NTSB Identification: LAX07LA079B
Accident occurred Saturday, February 03, 2007 in Palos Verdes, CA
Probable Cause Approval Date: 06/30/2008
Aircraft: Boeing A75N1(PT17), registration: N49270
Injuries: 1 Minor,1 Uninjured.

NTSB investigators may not have traveled in support of this investigation and used data provided by various sources to prepare this aircraft accident report.

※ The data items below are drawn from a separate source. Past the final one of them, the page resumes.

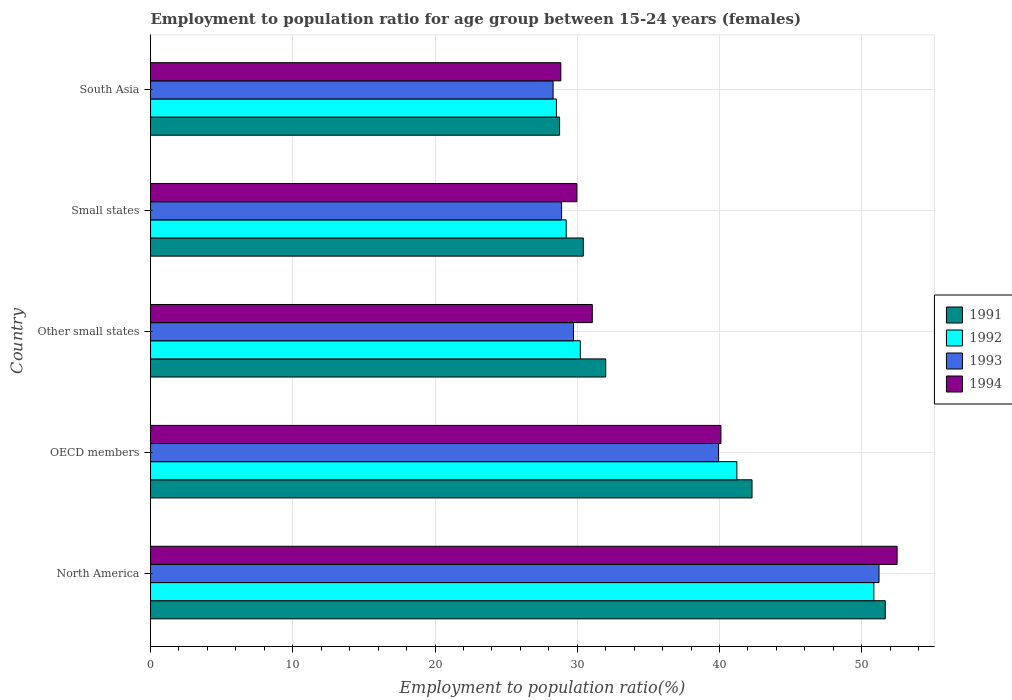
| Country | 1991 | 1992 | 1993 | 1994 |
 | --- | --- | --- | --- | --- |
 | North America | 51.7 | 50.9 | 51.2 | 52.5 |
 | OECD members | 42.3 | 41.2 | 39.9 | 40.1 |
 | Other small states | 32 | 30.2 | 29.7 | 31.1 |
 | Small states | 30.4 | 29.2 | 28.9 | 30 |
 | South Asia | 28.8 | 28.5 | 28.3 | 28.8 |

N30140 and a PT-17 departed the local airport to the south and established radio communication with each other. For approximately 15 minutes, the two airplanes flew independently of each other. During that time, the pilot of N30140 heard over the radio frequency two other pilots that were operating in the area, and the pilot did not see either of the two aircraft. One of those two aircraft was N49270. N30140 and the other PT-17 had then decided to return to the airport. N30140 began to regroup with the PT-17 at an altitude of 3,000 feet mean sea level (msl). Approximately 1,000 feet from the PT-17, the pilot of N30140 felt "a hard impact on my aircraft." The airplane rolled more than 90 degrees to the right in a steep descent. The pilot thought another aircraft struck his; however, he did not see another aircraft. The pilot regained partial control of the airplane and executed a forced landing. During the landing, the airplane stalled approximately 35 feet above the terrain, impacted the terrain, and nosed over. N49270 also departed the same local airport to the south and climbed to 3,000 feet msl. Approximately 20 minutes into the flight, he observed N30140 and another PT-17 coming toward him, and they were not in formation. The two airplanes were flying northwest (N49270 was flying south) and N30140 was a "few hundred feet lower." N49270 and the other PT-17 confirmed visual contact with each other over the radio. N49270 and the other PT-17 intended on joining in formation. With about 1/2 mile separation between the two PT-17s, N30140 crossed under N49270. N49270 then joined up with the other PT-17 and "stabilized on [other PT-17] left wing in the step-up position and headed easterly." Approximately 1 minute later, the pilot of N49270 felt a bump and noticed N30140 was slightly to the left and below his airplane. The pilot of N49270 realized that his propeller contacted the tail section of N30140. N49270 landed uneventfully at the airport.

The National Transportation Safety Board determines the probable cause(s) of this accident to be:

the failure of both pilots to maintain adequate visual lookout and clearance from each other while maneuvering in close proximity.